Figure 9. HUAEC adhesion on and VEGF165 and VEGF189 in the presence of tumstatin and anti-αvβ3 integrin
antibodies. Ninety-six-well ELISA plates were coated with either VEGF165 or VEGF189 at 4 µg/ml. Cells were
trypsinized, washed, and resuspended in DMEM with 10% FCS and incubated for 1 h at 37°C. Cells were then pelleted
and resuspended in DMEM without serum in the presence of either anti-αvβ3 (1/3), tumstatin, or both for an additional 20
min. Cells were then distributed at 40,000 cells per well and allowed to adhere for 20 min. Nonadherent cells were washed
away, and the amount of cell adhesion was quantified by crystal violet as described in Materials and Methods. All
conditions were performed in triplicate. Shown values are the mean ±SD for each condition. (*P<0.05, **P<0.005, and
***P<0.0005 compared with control nontreated cells).
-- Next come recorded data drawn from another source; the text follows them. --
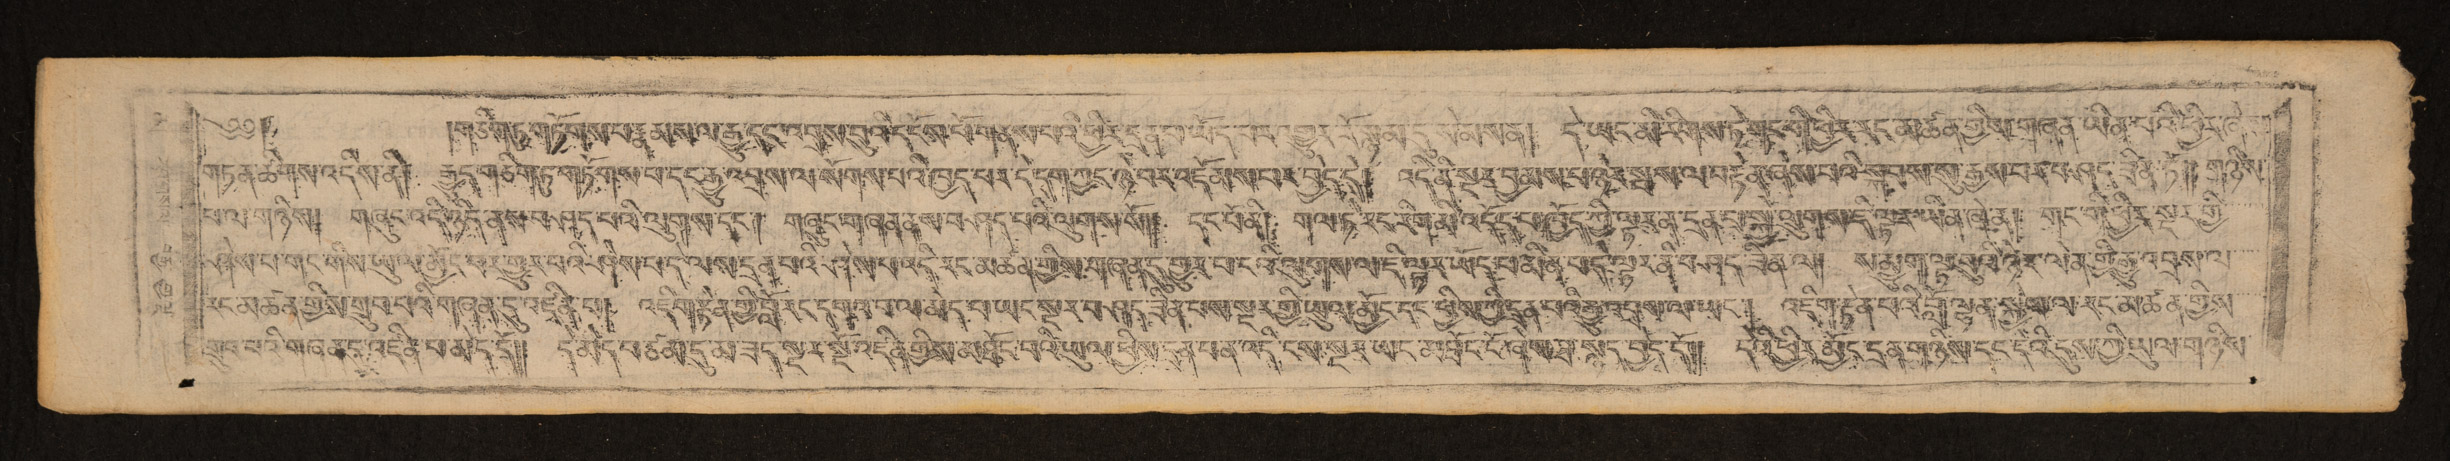༄༅། །གཅིག་ཏུ་གཏོགས་པ་རྣམས་ལ་རྒྱུ་དང་འབྲས་བུའི་དངོས་པོ་གནས་པའི་ཕྱིར་དྲན་པ་ཡོད་པར་འགྱུར་རོ་སྙམ་དུ་སེམས་ན། དེ་ཡང་མི་རིགས་ཏེ་གང་གི་ཕྱིར་རང་མཚན་གྱིས་གཞན་ཡིན་པའི་ཕྱིར་ཞེས་
གཏན་ཚིགས་འདིས་ནི། རྒྱུད་གཅིག་ཏུ་གཏོགས་པ་དང་རྒྱུ་འབྲས་ལ་སོགས་པའི་ཁྱད་པར་དེ་དག་ཀྱང་ཉེ་བར་འཇོམས་པར་བྱེད་དེ། འདི་ནི་སྔར་བྱམས་པ་ཉེར་སྦས་ལ་བརྟེན་ཞེས་པའི་སྐབས་སུ་རྒྱས་པར་བཤད་ཟིན་ཏོ།། གཉིས་
པ་ལ་གཉིས། གཞུང་འདི་ཉིད་ནས་བཤད་པའི་ལུགས་དང་། གཞུང་གཞན་ནས་བཤད་པའི་ལུགས་སོ།། དང་པོ་ནི། གལ་ཏེ་རང་རིག་མི་འདོད་པ་ཁྱོད་ཀྱི་ལྟར་ན་དྲན་པ་སྐྱེ་ལུགས་ཇི་ལྟར་ཡིན་ཞེ་ན། གང་གི་ཕྱིར་སྔར་གྱི་
ཤེས་པ་གང་གིས་ཡུལ་མྱོང་བར་གྱུར་པའི་ཤེས་པ་དེ་ལས་དྲན་པའི་ཤེས་པ་འདི་རང་མཚན་གྱིས་གཞན་དུ་གྱུར་པ་ངའི་ལུགས་ལ་ཇི་ལྟར་ཡོད་པ་མིན་པ་དེ་ལྟར་ནི་བཤད་ཟིན་ལ། ས་མྱུག་ལྟ་བུའི་ཉེར་ལེན་གྱི་རྒྱུ་འབྲས་ལ་
རང་མཚན་གྱིས་གྲུབ་པའི་གཞན་དུ་འཛིན་པ། འཇིག་རྟེན་གྱི་བློ་རང་དགའ་བ་ལ་མེད་པ་ཡང་སྔར་བཤད་ཟིན་པས་སྔར་གྱི་ཡུལ་མྱོང་དང་ཕྱིས་ཀྱི་དྲན་པའི་རྒྱུ་འབྲས་ལ་ཡང་། འཇིག་རྟེན་པའི་བློ་ལྷན་སྐྱེས་ལ་རང་མཚན་གྱིས་
གྲུབ་པའི་གཞན་དུ་འཛིན་པ་མེད་དོ།། དེ་མེད་པ་ཙམ་དུ་མ་ཟད་སྔར་སྔོ་འཛིན་གྱིས་མཐོང་བའི་ཡུལ་ཕྱིས་དྲན་པ་ན་འདི་ངས་སྔར་ཡང་མཐོང་ངོ་ཞེས་ཐ་སྙད་བྱེད་དོ།། དེའི་ཕྱིར་མྱོང་དྲན་གཉིས་དང་དེའི་དུས་ཀྱི་ཡུལ་གཉིས་
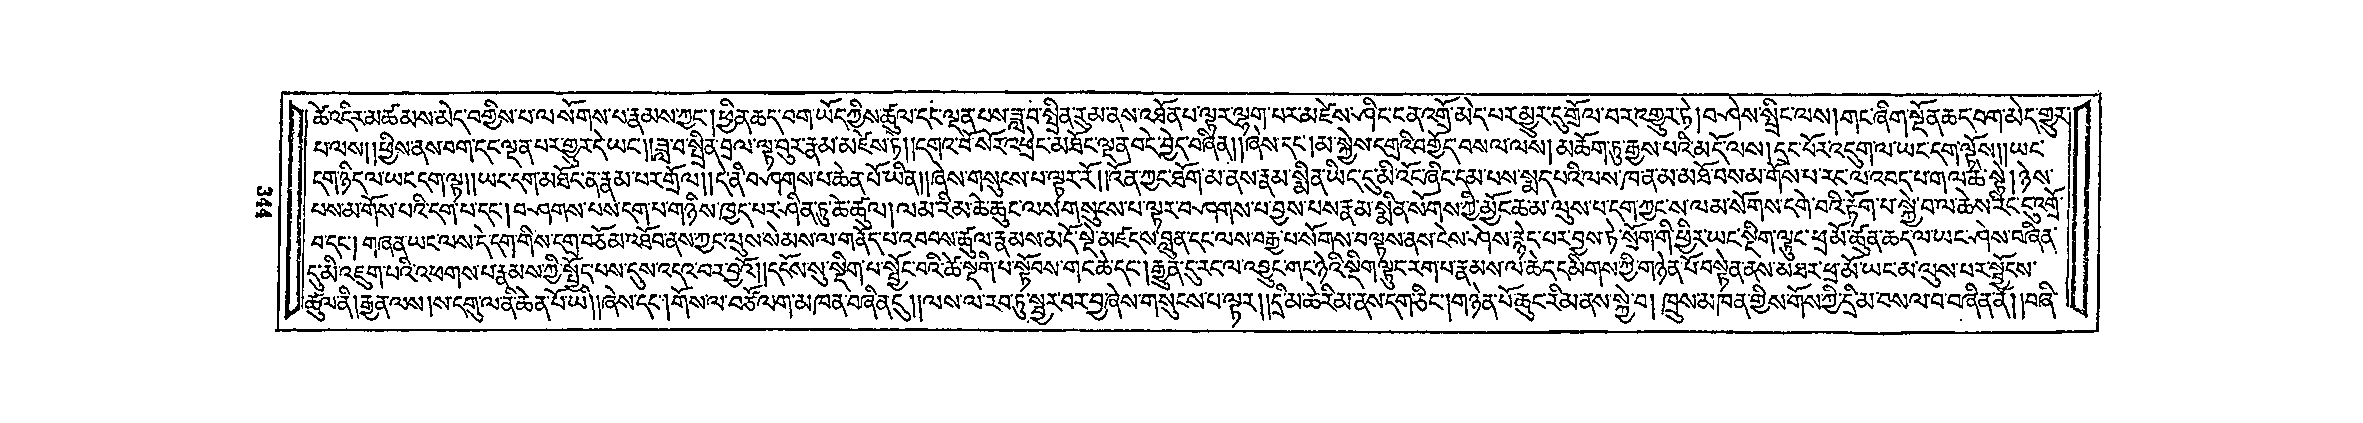ཚེ་འདིར་མཚམས་མེད་བགྱིས་པ་ལ་སོགས་པ་རྣམས་ཀྱང་། ཕྱིན་ཆད་བག་ཡོད་ཀྱིས་ཚུལ་དང་ལྡན་པས་ཟླ་བ་སྤྲིན་རུམ་ནས་འཐོན་པ་ལྟར་ལྷག་པར་མཛེས་ཤིང་ངན་འགྲོ་མེད་པར་མྱུར་དུ་གྲོལ་བར་འགྱུར་ཏེ། བཤེས་སྤྲིང་ལས། གང་ཞིག་སྔོན་ཆད་བག་མེད་གྱུར་
པ་ལས། །ཕྱིས་ནས་བག་དང་ལྡན་པར་གྱུར་དེ་ཡང་། །ཟླ་བ་སྤྲིན་བྲལ་ལྟ་བུར་རྣམ་མཛེས་ཏེ། །དགའ་བོ་སོར་འཕྲེང་མཐོང་ལྡན་བདེ་བྱེད་བཞིན། །ཞེས་དང་། མ་སྐྱེས་དགྲའི་བགྱོད་བསལ་ལས། མཆོག་ཏུ་རྒྱས་པའི་མདོ་ལས། དྲང་པོར་འདུག་ལ་ཡང་དག་ལྟོས། །ཡང་
དག་ཉིད་ལ་ཡང་དག་ལྟ། །ཡང་དག་མཐོང་ན་རྣམ་པར་གྲོལ། །དེ་ནི་བཤགས་པ་ཆེན་པོ་ཡིན། །ཞེས་གསུངས་པ་ལྟར་རོ། །འོན་ཀྱང་ཐོག་མ་ནས་རྣམ་སྨིན་ཡིད་དུ་མི་འོང་ཞིང་དམ་པས་སྨད་པའི་ལས་ཁ་ན་མ་མཐོ་བས་མ་གོས་པ་རང་ལ་འབད་པ་གལ་ཆེ་སྟེ། ཉེས་
པས་མ་གོས་པའི་དག་པ་དང་། བཤགས་པས་དག་པ་གཉིས་ཁྱད་པར་ཤིན་ཏུ་ཆེ་ཚུལ། ལམ་རིམ་ཆེ་ཆུང་ལས་གསུངས་པ་ལྟར་བཤགས་པ་བྱས་པས་རྣམ་སྨིན་སོགས་ཀྱི་མྱོང་ཆ་མ་ལུས་པ་དག་ཀྱང་ས་ལམ་སོགས་དགེ་བའི་རྟོག་པ་སྐྱེ་བ་ལ་ཆེས་རིང་དུ་འགྲོ་
བ་དང་། གཞན་ཡང་ལས་དེ་དག་གིས་དགྲ་བཅོམ་འཐོབ་ནས་ཀྱང་ལུས་སེམས་ལ་གནོད་པ་འབབས་ཚུལ་རྣམས་མདོ་སྡེ་མཛད་ས་བླུན་དང་ལས་བརྒྱ་པ་སོགས་བལྟས་ནས་ངེས་ཤེས་རྙེད་པར་བྱས་ཏེ་སྲོག་གི་ཕྱིར་ཡང་སྡིག་ལྟུང་ཕྲ་མོ་ཚུན་ཆད་ལ་ཡང་ཤེས་བཞིན་
དུ་མི་འཇུག་པའི་འཕགས་པ་རྣམས་ཀྱི་སྤྱོད་པས་དུས་འདའ་བར་བྱའོ། །དངོས་སུ་སྡིག་པ་སྦྱོང་བའི་ཚེ་སྡིག་པ་སྟོབས་གང་ཆེ་དང་། རྒྱུན་དུ་རང་ལ་འབྱུང་གང་ཉེའི་སྡིག་ལྟུང་རག་པ་རྣམས་ལ་ཆེད་དམིགས་ཀྱི་གཉེན་པོ་བསྟེན་ནས་མཐར་ཕྲ་མོ་ཡང་མ་ལུས་པར་སྦྱོངས་
ཚུལ་ནི། རྒྱན་ལས། ས་དགུ་ལ་ནི་ཆེན་པོ་ཡི། །ཞེས་དང་། གོས་ལ་བཙོ་ལག་མཁན་བཞིན་དུ། །ལས་ལ་རབ་ཏུ་སྦྱར་བར་བྱ་ཞེས་གསུངས་པ་ལྟར། །དྲི་མ་ཆེ་རིམ་ནས་དག་ཅིང་། གཉེན་པོ་ཆུང་རིམ་ནས་སྐྱེ་བ། ཁྲུས་མཁན་གྱིས་གོས་ཀྱི་དྲི་མ་བསལ་བ་བཞིན་ནོ། །བཞི་

Figure 10. Schematic representation of the opposite effects of tumstatin and matrix-bound VEGF on endothelial
cell survival. Endothelial cells adhere to matrix-bound VEGF by integrins such as αvβ3. A) Cells attached to
immobilized VEGF survive, whereas floating cells do not. B) If the αvβ3 integrin is engaged with matrix-bound VEGF,
tumstatin can induce a certain amount of endothelial cell apoptosis. C) If the interaction between matrix-bound VEGF and
αvβ3 is blocked by an anti-αvβ3 antibody, tumstatin-induced apoptosis is significantly increased.